Ana

4×19. Estudiosa señorita

Elena se pone su mejor vestido. No es para menos. La cita lo requiere. El cuerpo es ajustado, las mangas largas terminan en puños de encaje, la falda es recta por delante y recogida por detrás. Se mira en el espejo y sonríe. Se limpia con un pañuelo el sudor de las manos y el que amenaza su frente. Coge libros, pluma y papeles. Los aprieta contra su pecho. Un momento antes de salir decide llevarse consigo la Real Orden firmada por el mismísimo Amadeo I. La recibió en septiembre de 1872 y la autorizaba a estudiar, en su habitación, al calor de la chimenea.

Leyó con fruición, aprendió el funcionamiento de los órganos, el nombre de las enfermedades, la descripción de síntomas y remedios. Su padre, médico también, la miraba con orgullo. Le aclaraba las dudas. La animaba en los momentos bajos.

Cuando, tiempo después, llegó la carta del catedrático de Terapéutica, Narcís Carbó, instándole a asistir a sus clases, Elena tembló. Sabía de alguna amiga que se había disfrazado con ropas de hombre para colarse en la Universidad. Otras le dijeron que era una locura presentarse allí con vestido, que no la admitirían, que incluso la insultarían.

Pero Elena está orgullosa de lo que es y no va a esconderse.

Así que camina con paso firme por la calles de Barcelona, donde se trasladó hace unos meses. Disimula bien el temblor de sus piernas cuando se detiene ante la puerta de la Facultad de Medicina. Pregunta por su clase. El conserje la mira de arriba abajo. Parece más curiosidad que otra cosa. La acompaña él mismo hasta el aula.
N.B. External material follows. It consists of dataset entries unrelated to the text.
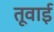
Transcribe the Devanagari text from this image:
तूवाई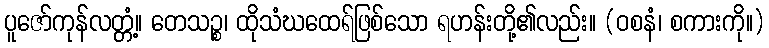
ပူဇော်ကုန်လတ္တံ့။ တေသဉ္စ၊ ထိုသံဃထေရ်ဖြစ်သော ရဟန်းတို့၏လည်း။ (ဝစနံ၊ စကားကို။)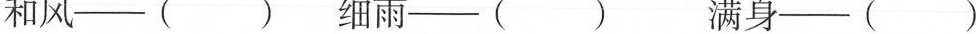
和风--( )细雨--( ) 满身--( )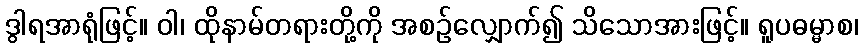
ဒွါရအာရုံဖြင့်။ ဝါ၊ ထိုနာမ်တရားတို့ကို အစဉ်လျှောက်၍ သိသောအားဖြင့်။ ရူပဓမ္မာစ၊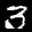
Label: 3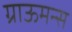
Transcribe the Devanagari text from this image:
ग्राऊमन्स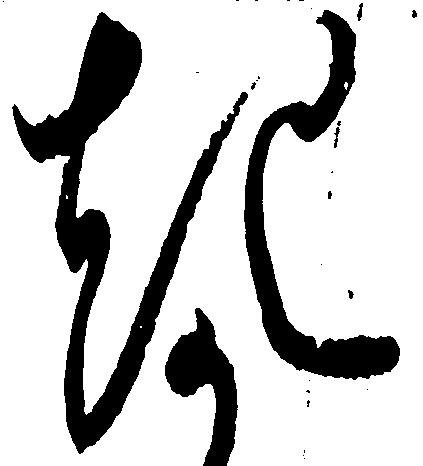
き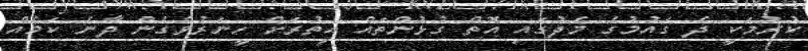
ކުރުމަކީ ދެ ގައުމުގެ މެދުގައި އޮތް ގުޅުންތައް އިތުރަށް ހީނަރުވެގެން ދާނެ ކަމެއް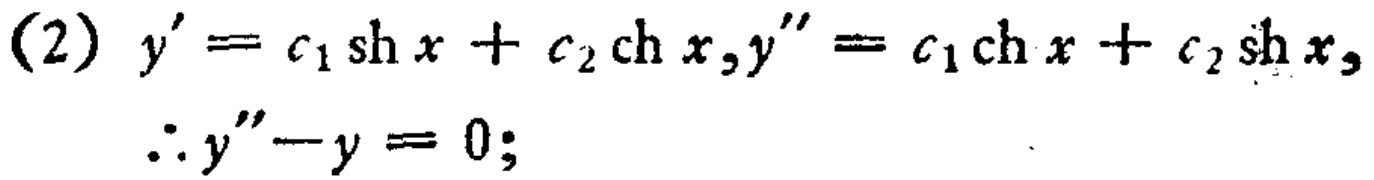
(2) \(y' = c_{1}\mathrm{sh}\,x + c_{2}\mathrm{ch}\,x,y'' = c_{1}\mathrm{ch}\,x + c_{2}\mathrm{sh}\,x,\)
\(\therefore y'' - y = 0;\)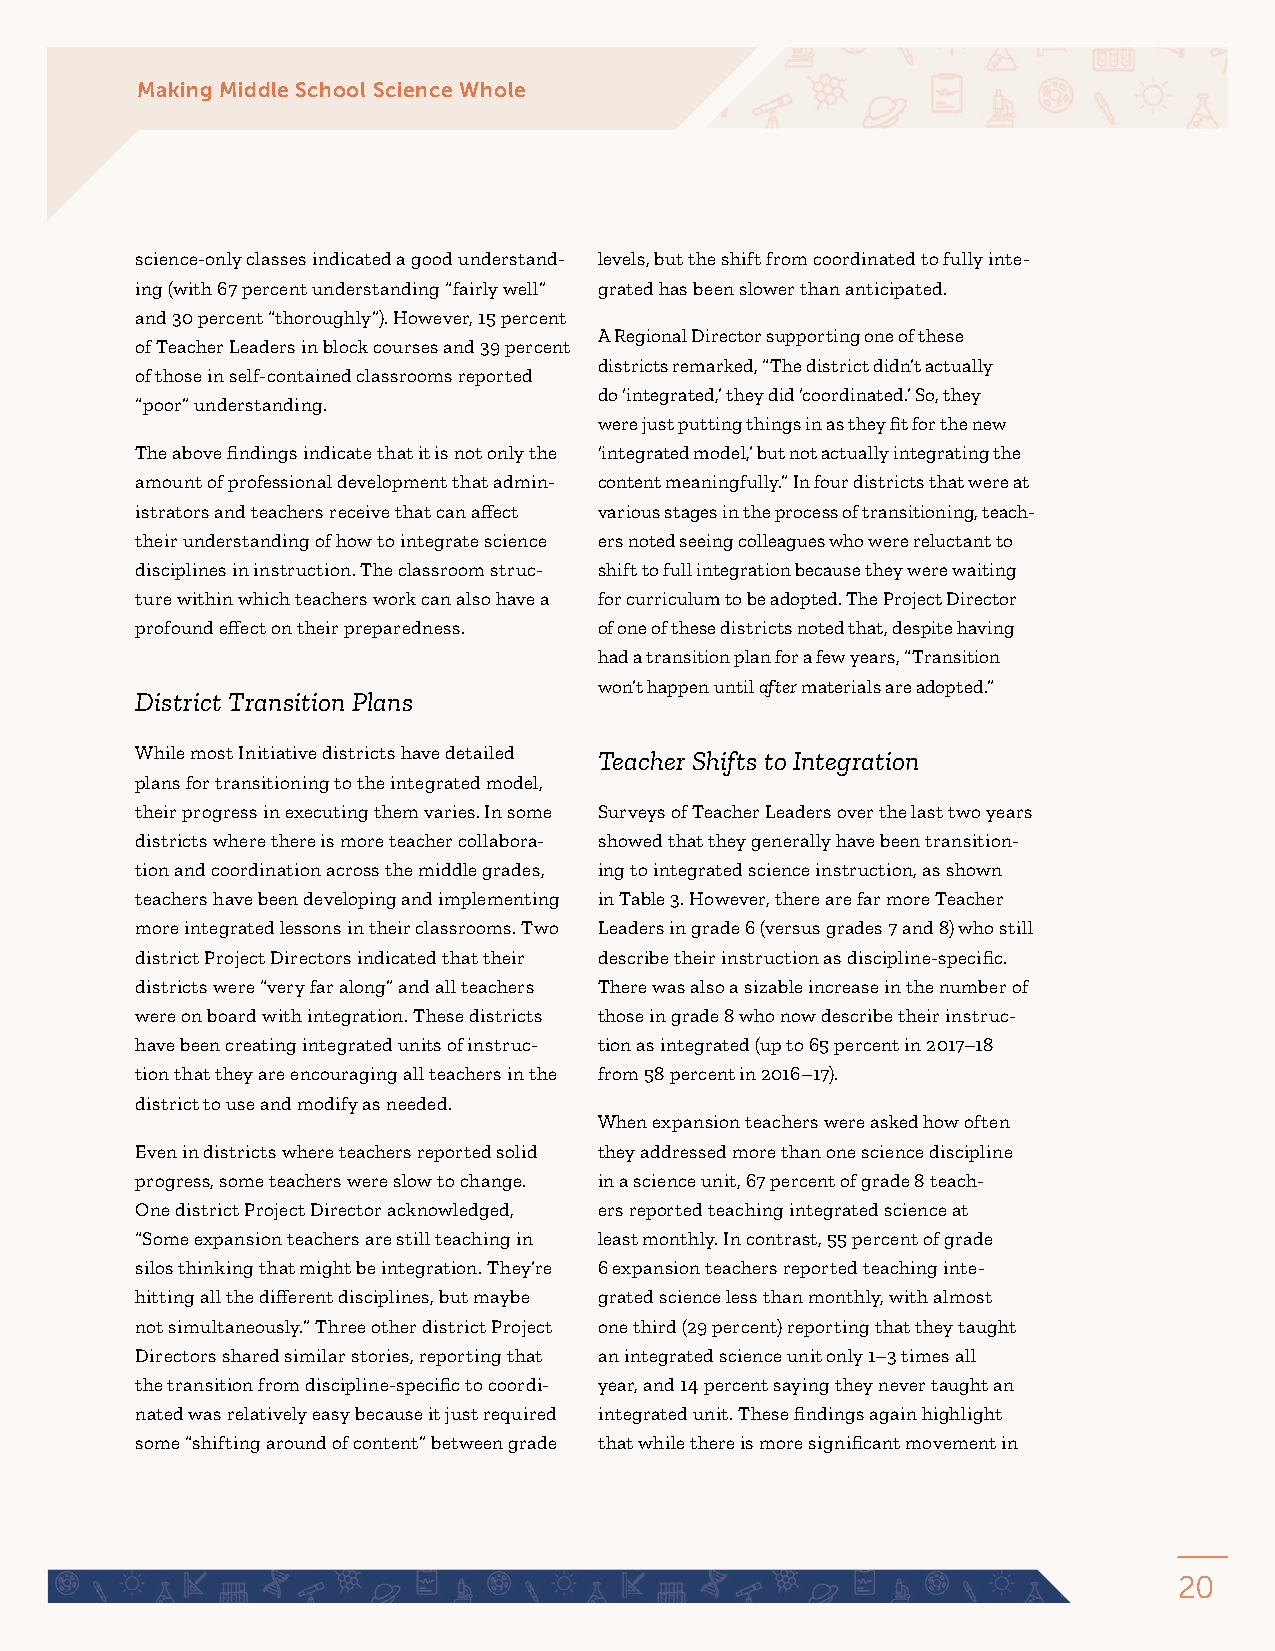
Making Middle School Science Whole
 science-only classes indicated a good understand- levels, but the shift from coordinated to fully inte-
 ing (with 67 percent understanding “fairly well” grated has been slower than anticipated.
 and 30 percent “thoroughly”). However, 15 percent
 A Regional Director supporting one of these
 of Teacher Leaders in block courses and 39 percent
 districts remarked, “The district didn’t actually
 of those in self-contained classrooms reported
 do ‘integrated,’ they did ‘coordinated.’ So, they
 “poor” understanding.
 were just putting things in as they fit for the new
 The above findings indicate that it is not only the ‘integrated model,’ but not actually integrating the
 amount of professional development that admin- content meaningfully.” In four districts that were at
 istrators and teachers receive that can affect various stages in the process of transitioning, teach-
 their understanding of how to integrate science ers noted seeing colleagues who were reluctant to
 disciplines in instruction. The classroom struc- shift to full integration because they were waiting
 ture within which teachers work can also have a for curriculum to be adopted. The Project Director
 profound effect on their preparedness. of one of these districts noted that, despite having
 had a transition plan for a few years, “Transition
 won’t happen until after materials are adopted.”
 District Transition Plans
 While most Initiative districts have detailed Teacher Shifts to Integration
 plans for transitioning to the integrated model,
 their progress in executing them varies. In some Surveys of Teacher Leaders over the last two years
 districts where there is more teacher collabora- showed that they generally have been transition-
 tion and coordination across the middle grades, ing to integrated science instruction, as shown
 teachers have been developing and implementing in Table 3. However, there are far more Teacher
 more integrated lessons in their classrooms. Two Leaders in grade 6 (versus grades 7 and 8) who still
 district Project Directors indicated that their describe their instruction as discipline-specific.
 districts were “very far along” and all teachers There was also a sizable increase in the number of
 were on board with integration. These districts those in grade 8 who now describe their instruc-
 have been creating integrated units of instruc- tion as integrated (up to 65 percent in 2017–18
 tion that they are encouraging all teachers in the from 58 percent in 2016–17).
 district to use and modify as needed.
 When expansion teachers were asked how often
 Even in districts where teachers reported solid they addressed more than one science discipline
 progress, some teachers were slow to change. in a science unit, 67 percent of grade 8 teach-
 One district Project Director acknowledged, ers reported teaching integrated science at
 “Some expansion teachers are still teaching in least monthly. In contrast, 55 percent of grade
 silos thinking that might be integration. They’re 6 expansion teachers reported teaching inte-
 hitting all the different disciplines, but maybe grated science less than monthly, with almost
 not simultaneously.” Three other district Project one third (29 percent) reporting that they taught
 Directors shared similar stories, reporting that an integrated science unit only 1–3 times all
 the transition from discipline-specific to coordi- year, and 14 percent saying they never taught an
 nated was relatively easy because it just required integrated unit. These findings again highlight
 some “shifting around of content” between grade that while there is more significant movement in
 20

Unas decenas de jóvenes apostados sobre los pupitres, charlando en corros, enmudecen cuando ella entra. Poco a poco se ponen de pie. Uno de ellos se aproxima. Viste pantalón y chaqueta, y un pañuelo al cuello que le da un aire distinguido. Sin embargo, sus mejillas lampiñas le hacen parecer mucho más joven de los veinte años que debe tener. Despeja una silla en la primera fila y la invita a sentarse. Elena lo mira, inclina la cabeza y sonríe. Desde el fondo se oyen unas palmadas, inseguras, pronto se unen otras a un lado y enseguida otras más. Antes de que ella deposite los libros sobre la mesa, el aula es un estruendo de hombres que aplauden a su primera compañera.

Ana

***

[Nota histórica: En el número del 12 de julio de 1872 de La Imprenta: diario de avisos, noticias y decretos se puede leer una nota sobre la obtención del grado de bachiller de Elena Maseras, que en el curso 1872-1873 se convertiría en la primera mujer matriculada en la Facultad de Medicina de la Universidad de Barcelona, y con ello en la primera que estudió en la universidad en España. La transcripción de la nota del diario es la siguiente:

«La felicitamos. El sábado día 6 del corriente mes, después de unos brillantes exámenes obtuvo el grado de bachiller en Artes en el Instituto provincial de 2ª enseñanza de esta ciudad la estudiosa señorita doña María Elena Maseras y Ribera, natural de Vilaseca, provincia de Tarragona. El bello sexo puede darse por complacido, porque la referida señorita ha abierto las puertas de los estudios al sexo femenino, tanto en las materias de 2ª enseñanza como en las universitarias; y no dudamos que siendo la señorita Maseras la primera en España que ha obtenido dicho grado, tendrá imitadoras que querrán compartir con ella la gloria de los estudios. Le damos el más cumplido parabién, esperando que cursará en los estudios de facultad mayor, para provecho de las señoras y mayor ilustración en nuestra España»].